Starting, you first download the messages as "tweets.json"
and then load them as "mensajes_twitter.json"
. Be careful how you formulate the question. Also, if you want to count retweets, one minute is a very short time to capture that information.
R
reads the file .json
as if it were a list. Each list is composed of a series of boxes in which logical values, vectors or even more lists can be housed.
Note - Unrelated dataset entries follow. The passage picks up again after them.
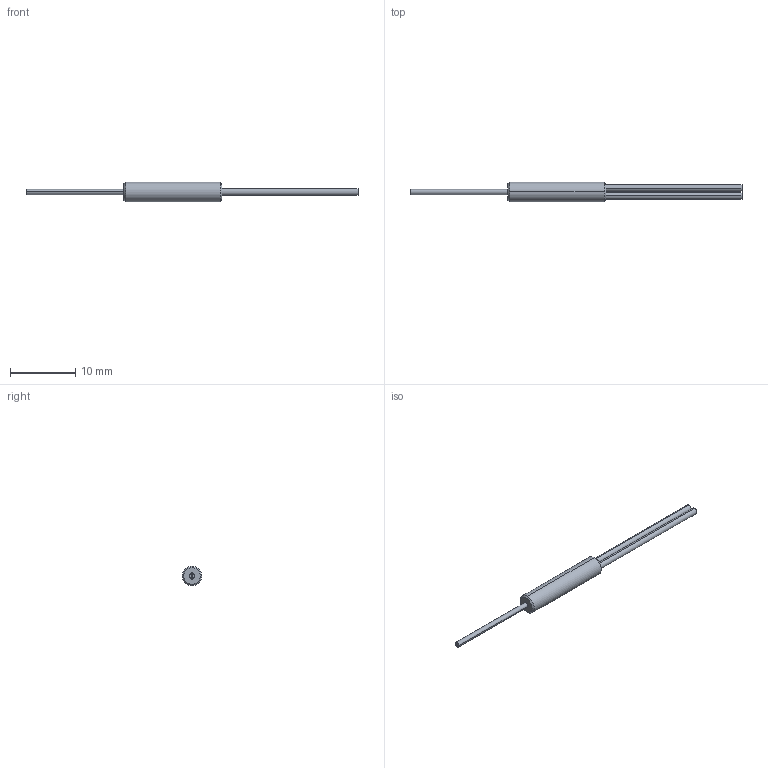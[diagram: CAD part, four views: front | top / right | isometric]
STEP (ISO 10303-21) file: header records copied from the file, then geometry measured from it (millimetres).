
FILE_DESCRIPTION (( 'STEP AP214' ), '1' );
FILE_NAME ('GPF-D019.STEP', '2017-11-17T22:05:09', ( '' ), ( '' ), 'SwSTEP 2.0', 'SolidWorks 2018', '' );
FILE_SCHEMA (( 'AUTOMOTIVE_DESIGN' ));
Length unit declared in the file: millimetre
Products named in the file (5): GPF-D019_FIBER; GPF-D019_LENS; GPF-D019_HEAD; GPF-D019; GPF-D019_STAINLESS TUBE
Assembly tree (6 placements, depth 2):
  GPF-D019
    GPF-D019_HEAD
    GPF-D019_FIBER  x2
    GPF-D019_LENS  x2
    GPF-D019_STAINLESS TUBE
Bounding box: 50.86 x 3 x 3 mm (x, y, z)
Volume: 145.8 mm3; surface area: 326 mm2
Topology: 6 solids, 6 shells, 40 faces, 68 edges, 44 vertices
Faces by surface type: cylinder 20, plane 16, cone 4
Entity records: 998 total; most frequent: DIRECTION 174, CARTESIAN_POINT 133, ORIENTED_EDGE 112, AXIS2_PLACEMENT_3D 77, EDGE_CURVE 56, VERTEX_POINT 36, EDGE_LOOP 36, CIRCLE 36
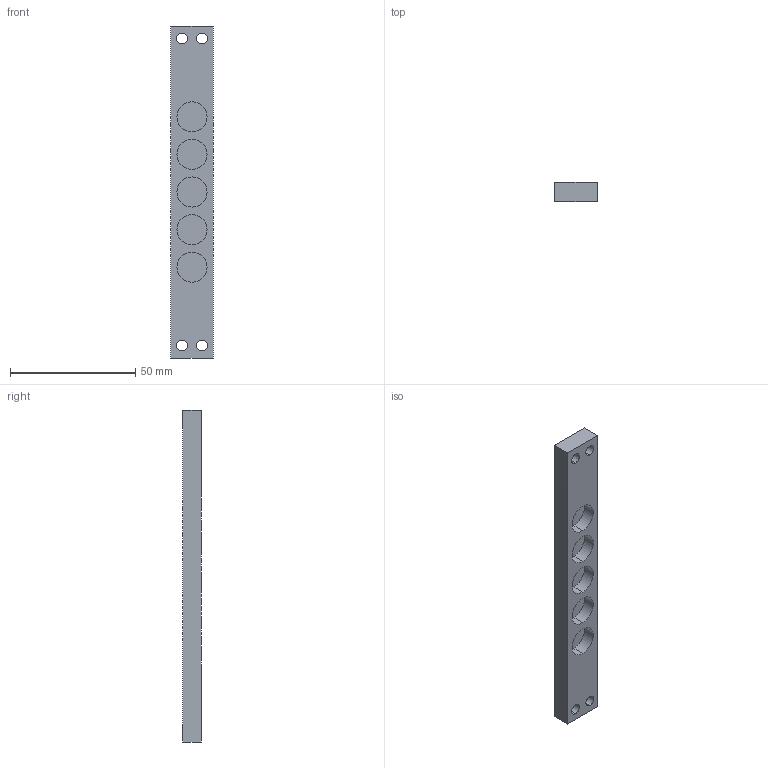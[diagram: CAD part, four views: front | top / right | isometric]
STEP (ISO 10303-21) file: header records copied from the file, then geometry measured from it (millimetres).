
FILE_DESCRIPTION (( 'STEP AP214' ), '1' );
FILE_NAME ('ROV_USI_010_A_Chassis module brossage_Poignée.STEP', '2021-10-13T13:33:14', ( '' ), ( '' ), 'SwSTEP 2.0', 'SolidWorks 2016', '' );
FILE_SCHEMA (( 'AUTOMOTIVE_DESIGN' ));
Length unit declared in the file: millimetre
Products named in the file (1): ROV_USI_010_A_Chassis module brossage_Poignée
Bounding box: 17 x 7.5 x 132.5 mm (x, y, z)
Volume: 13630.7 mm3; surface area: 7979.1 mm2
Topology: 1 solids, 1 shells, 29 faces, 66 edges, 44 vertices
Faces by surface type: cylinder 18, plane 11
Entity records: 886 total; most frequent: DIRECTION 162, CARTESIAN_POINT 140, ORIENTED_EDGE 132, EDGE_CURVE 66, AXIS2_PLACEMENT_3D 66, VERTEX_POINT 44, EDGE_LOOP 42, CIRCLE 36

Use the str(lista_mensajes_twitter[[1]])
command and you will see that the first tweet in the list is composed.
That said, to count the length of the first tweet you have to know in which box the text is located.
str(lista_mensajes_twitter[[1]], max.level = 1)
List of 30
$ created_at : chr "Thu May 25 14:44:02 +0000 2017"
$ id : num 8.68e+17
$ id_str : chr "867753126899666944"
$ text : chr "RT @HoopsOverHoes_: Bro in the first pic I thought....nvm https://t.co/BVsMV3HTWQ"
$ source : chr "<a href=\"http://twitter.com/download/iphone\" rel=\"nofollow\">Twitter for iPhone</a>"
$ truncated : logi FALSE
$ in_reply_to_status_id : NULL
$ in_reply_to_status_id_str: NULL
$ in_reply_to_user_id : NULL
$ in_reply_to_user_id_str : NULL
$ in_reply_to_screen_name : NULL
$ user :List of 38
$ geo : NULL
$ coordinates : NULL
$ place : NULL
$ contributors : NULL
$ retweeted_status :List of 29
$ quoted_status_id : num 8.67e+17
$ quoted_status_id_str : chr "867076974337982465"
$ quoted_status :List of 27
$ is_quote_status : logi TRUE
$ retweet_count : num 0
$ favorite_count : num 0
$ entities :List of 4
$ favorited : logi FALSE
$ retweeted : logi FALSE
$ possibly_sensitive : logi FALSE
$ filter_level : chr "low"
$ lang : chr "en"
$ timestamp_ms : chr "1495723442183"
Knowing that it is in the box $text
or number 3, we proceed to calculate the length:
nchar(lista_mensajes_twitter[[1]][['text']])
81
To apply it to each tweet you use a loop, a apply
or the functions of the package purrr
(very powerful handling lists):
library(purrr)
len_tweets <- lista_mensajes_twitter %>% map("text") %>% map_int(nchar)
head(len_tweets)
[1] 81 140 140 134 140 127
The result is a vector with the number of characters per tweet.
To extract the number of followers and number of retweets:
fllw <- lista_mensajes_twitter %>% map("user") %>% map("followers_count")
rt <- lista_mensajes_twitter %>% map_dbl("retweet_count")
The number of responses is more difficult to determine, since you have to track all tweets with id
over in_reply_to_status_id
of others.
The correlation is simply made with cor between the vectors.